## TASK STATEMENT
Copy out each line of the listing below where the string "shows" appears.

## SOURCE DATA
━━━━

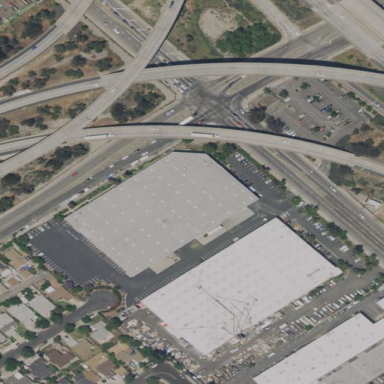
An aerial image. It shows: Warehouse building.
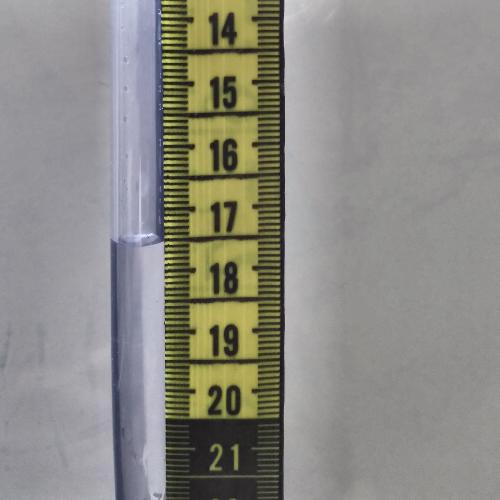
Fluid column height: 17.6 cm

━━━━

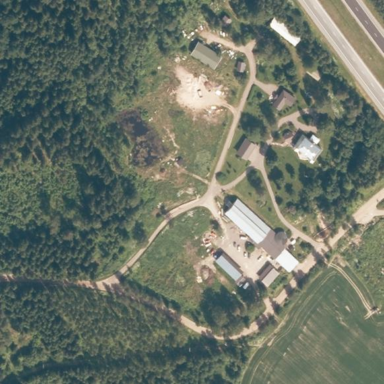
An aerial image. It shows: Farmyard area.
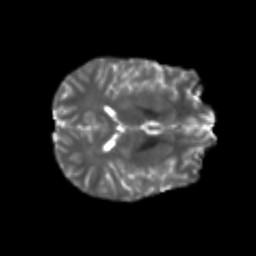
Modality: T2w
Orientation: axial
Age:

━━━━

## OUTPUT
An aerial image. It shows: Warehouse building.
An aerial image. It shows: Farmyard area.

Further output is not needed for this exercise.